This repo contains the Jupyter notebooks with various AutoML and ML Experiments on Kaggle's Jan 2021 Tabular Contest Dataset (https://www.kaggle.com/c/tabular-playground-series-jan-2021)
A number of Feature Importance experiments have been conducted during the feature engineering process, using featurewiz library.
A number of simple statistical and genetic features (like sums, diffs, products of the original numeric variables etc.) has been tried and scrutinized.
It appeared that none of such new features above added the edge in the ML model performance. It was true for the models below
- various manually tuned lightgbm and xgboost models
- 3 AutoML-backed models, using AutoViML, AutoKeras and H2O AutoML
Note: Running FeatureWiz Feature Selection - Genetic Dividers.ipynb notebook under Windows 10 (Python 3.7, Anaconda) resulted in crashing both Anaconda runtime and the browser where Jupyter notebooks were operating.
Out of the three tools above, H2O AutoML appeared to demonstrate the best performance (on the set of the basic raw features). However, it required quite a lot of time (8+ h) to get it up to the level to perform so.
The rest of AutoML tools performed worse in this experiment (they did not beat the manually tuned lightgbm and xgboost models).
However, AutoViML was really impressive as it was able to train quite a good model in less then 10 mins.
When you use AutoML tools, you should be ready for some upfront configuration/setup tweaks on your local machine before you are able to use it effectively.
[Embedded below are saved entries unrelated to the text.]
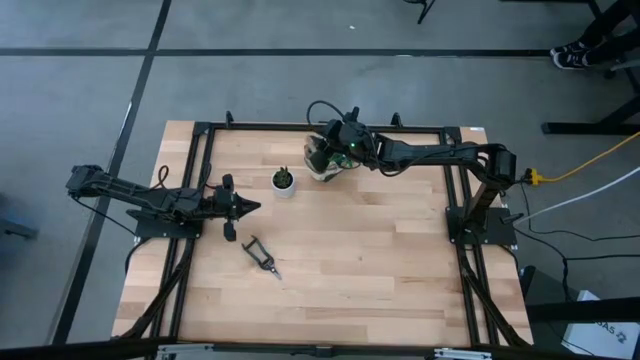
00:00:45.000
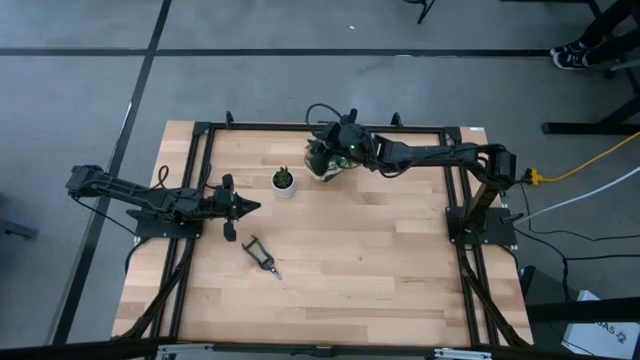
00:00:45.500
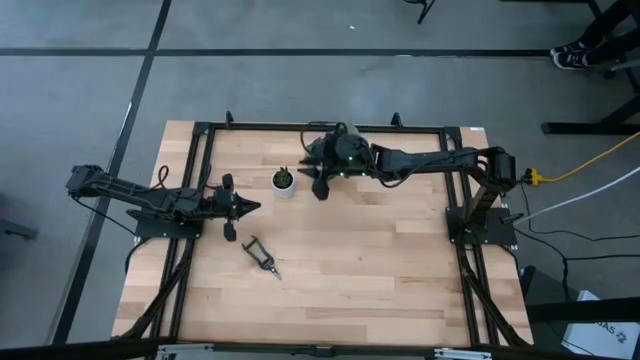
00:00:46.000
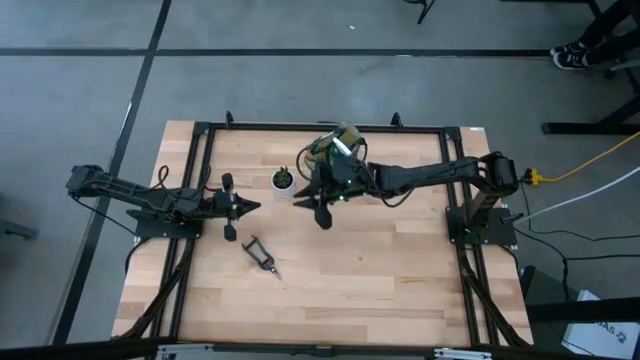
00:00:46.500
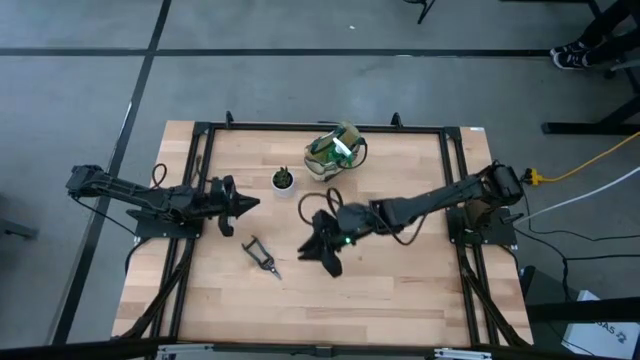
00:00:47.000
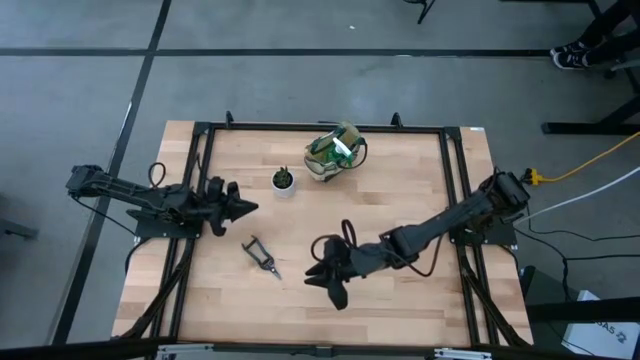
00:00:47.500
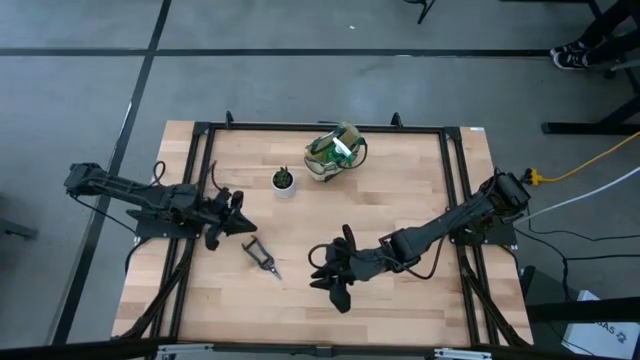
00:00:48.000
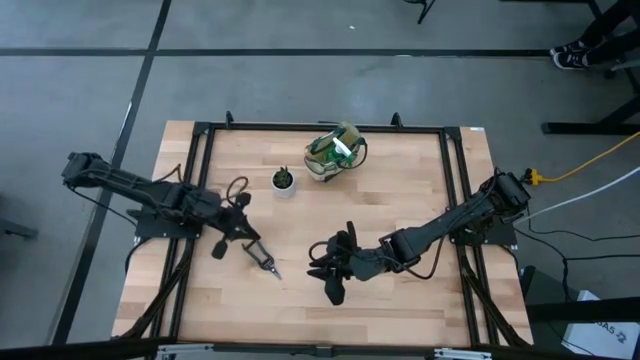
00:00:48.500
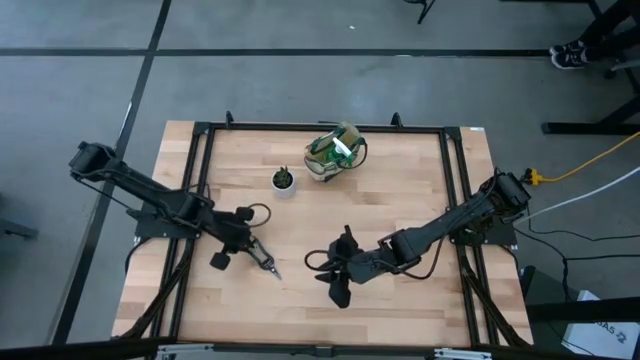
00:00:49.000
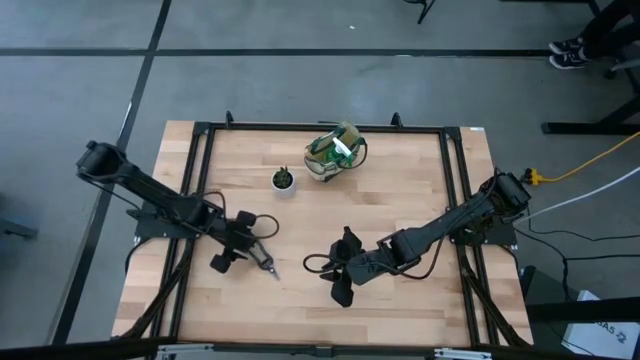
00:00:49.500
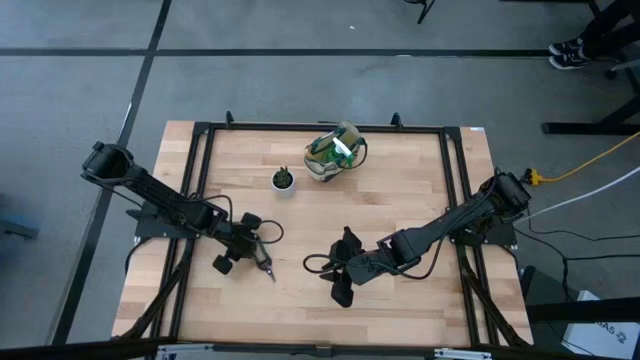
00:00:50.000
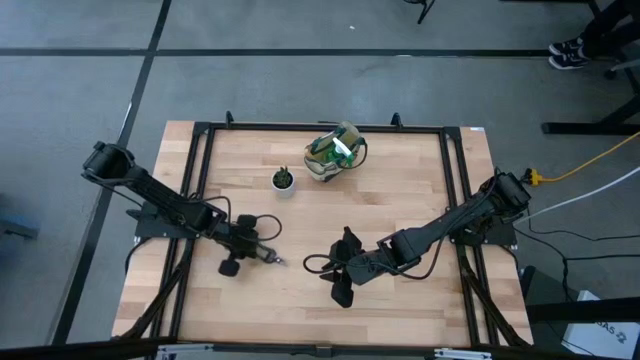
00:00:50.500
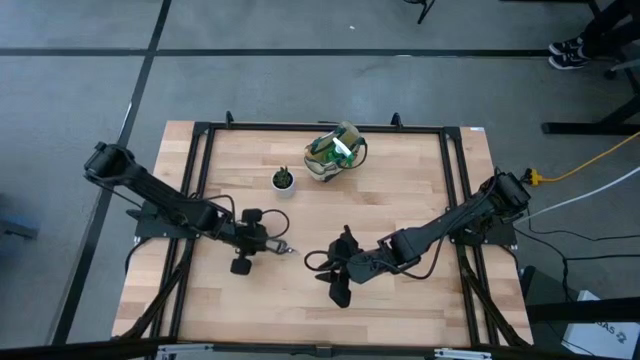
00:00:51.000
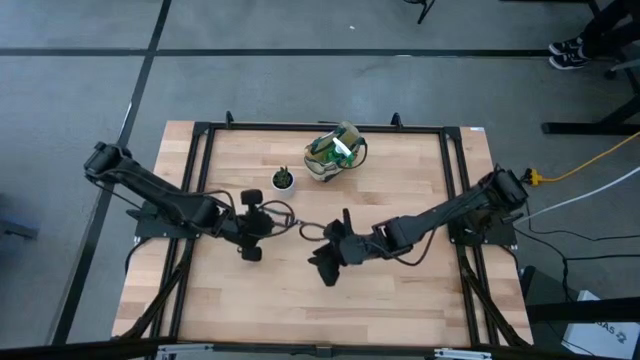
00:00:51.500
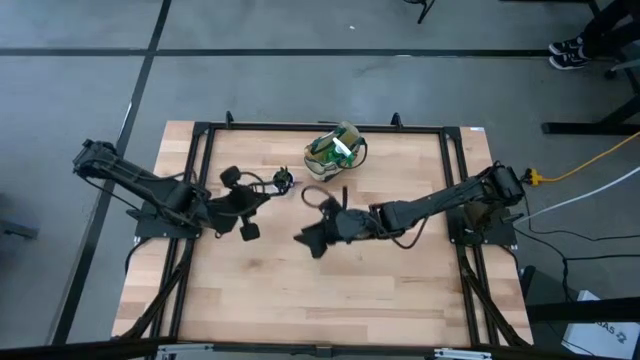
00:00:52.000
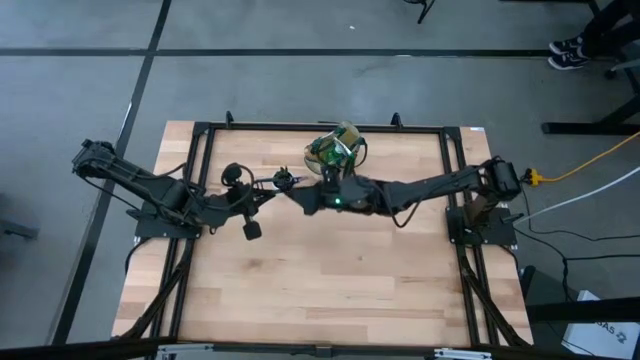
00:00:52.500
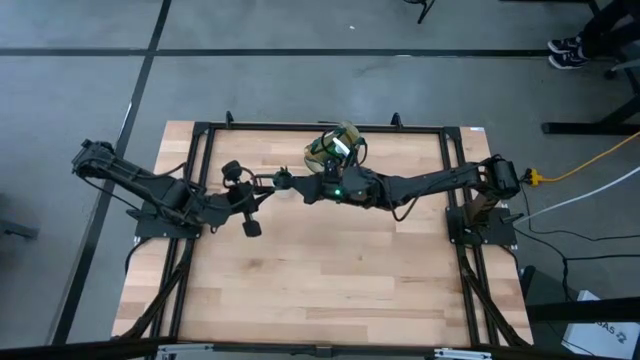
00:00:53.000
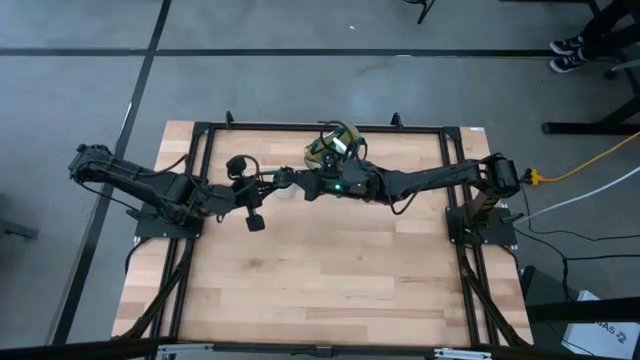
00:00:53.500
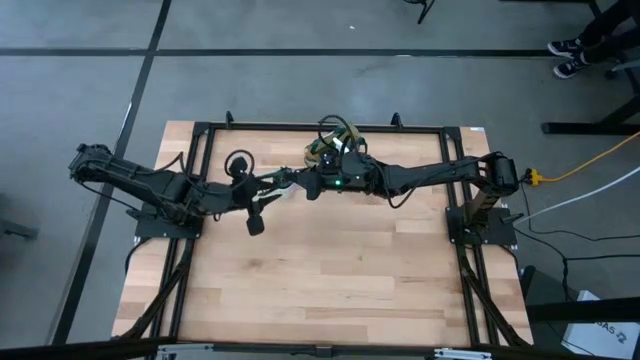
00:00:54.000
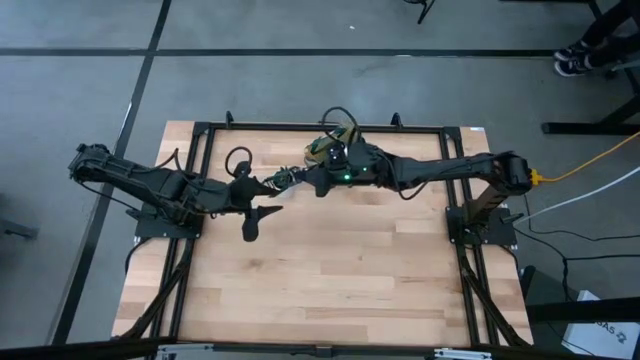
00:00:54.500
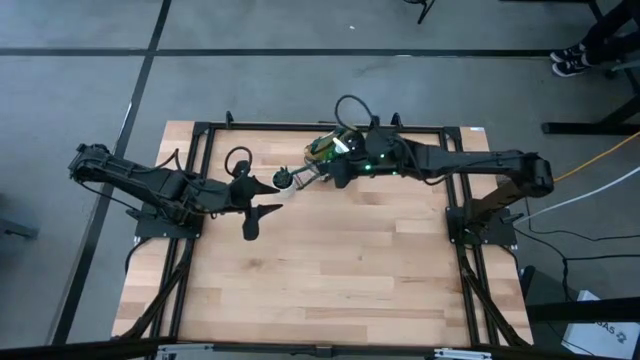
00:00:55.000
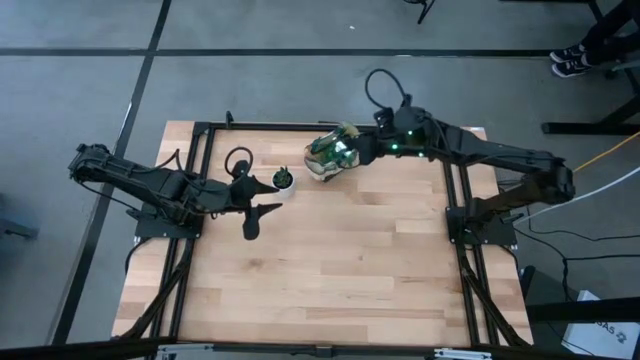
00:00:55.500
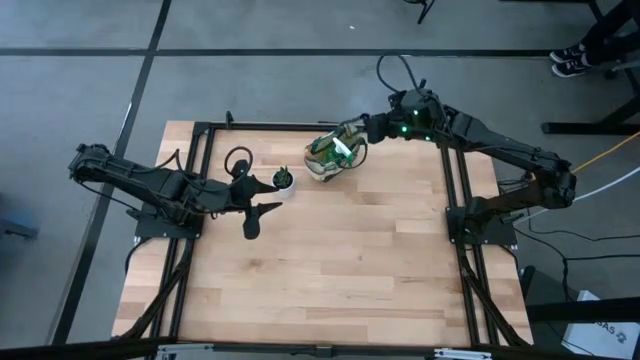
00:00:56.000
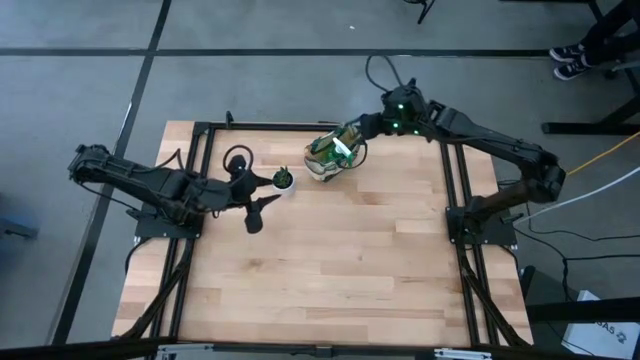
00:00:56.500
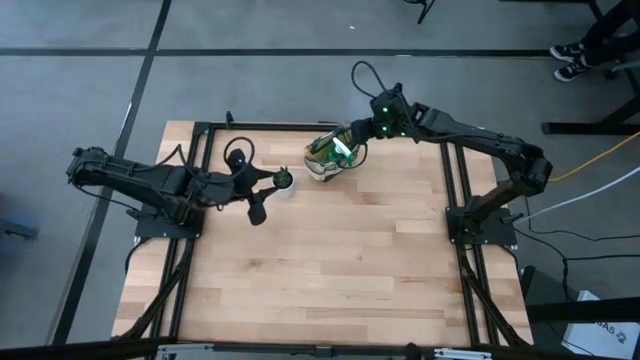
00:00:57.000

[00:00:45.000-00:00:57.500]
Task: Pick & Place Garden tools in Gardening bag
Put the shear scissors into the gardening bag

In the sections below, I am going to share the takeaways from the problem resolutions during AutoViML and Auto Keras setup under Windows 10/Anaconda and Linux Subsystem for Windows 10 platforms.
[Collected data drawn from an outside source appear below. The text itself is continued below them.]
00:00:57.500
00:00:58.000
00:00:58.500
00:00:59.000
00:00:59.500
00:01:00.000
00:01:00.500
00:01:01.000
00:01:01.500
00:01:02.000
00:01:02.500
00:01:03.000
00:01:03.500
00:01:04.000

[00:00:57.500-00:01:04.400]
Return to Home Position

AutoViML internally uses xgboost to do its machinery, and therefore you have to install it to your system first.
When I tried to do it in my Linux Subsystem for Windows 10 environment, the installation of xgboost kept failing due to the lack of cmake tools.
For my target environment, there is no any binary installation of cmake, and the only option was to compile it from the source code.
Below are the steps taken to accomplish it
1/ Updating the system by running the commands below
sudo apt update
sudo apt upgrade
2/ Download the sources of the latest version of cmake - that is, 3.19.4 as of the moment
sudo wget https://github.com/Kitware/CMake/releases/download/v3.19.4/cmake-3.19.4.tar.gz
3/ Unpack the source code archive locally
sudo tar -zxvf cmake-3.19.4.tar.gz
4/ Make its bootstrap executable
cd cmake-3.19.4
sudo chmod 755 bootstrap
5/ Complete the compilation of cmake
sudo ./bootsrap
sudo make
6/ Install the compiled binaries of cmake in your system
sudo make install
7/ Just in case, you check the version of cmake
cmake --version
After it, the process to install xgboost was successful.
Note: additional details on the installation of cmake from sources explained in https://www.fosslinux.com/38392/how-to-install-cmake-on-ubuntu.htm
One of the packages that AutoViML required the operable instance of llvm
The resolution to this issue was similar to what explained in shap/shap#1508 implemented
1/ Install llvm
sudo apt-get install llvm
2/ Upgrade llvm to v. 10 (the command above would bring v.6.0.0)
sudo apt-get install llvm-10*
3/ Change the llvm config to point to v.10, as explained in https://askubuntu.com/questions/1286131/how-do-i-install-llvm-10-on-ubuntu-18-04
4/ Install the python package for llvmlite
pip install llvmlite
After completing the steps above, it was possible to install AutoViML itself successfully.
When installing AutoKeras into my Windows 10 environment, I faced the issue below
ImportError: Traceback (most recent call last):
File "C:\ProgramData\Anaconda3\lib\site-packages\tensorflow\python\pywrap_tensorflow.py", line 64, in <module>
from tensorflow.python._pywrap_tensorflow_internal import *
ImportError: DLL load failed: The specified module could not be found.
The root cause/resolution have been explained in
- https://stackoverflow.com/questions/44503603/tensorflow-on-windows-importerror-dll-load-failed-the-specified-module-could
- https://support.microsoft.com/en-us/topic/the-latest-supported-visual-c-downloads-2647da03-1eea-4433-9aff-95f26a218cc0
So upgrading the Visual C++ runtime components to the latest version helped to fix the issue.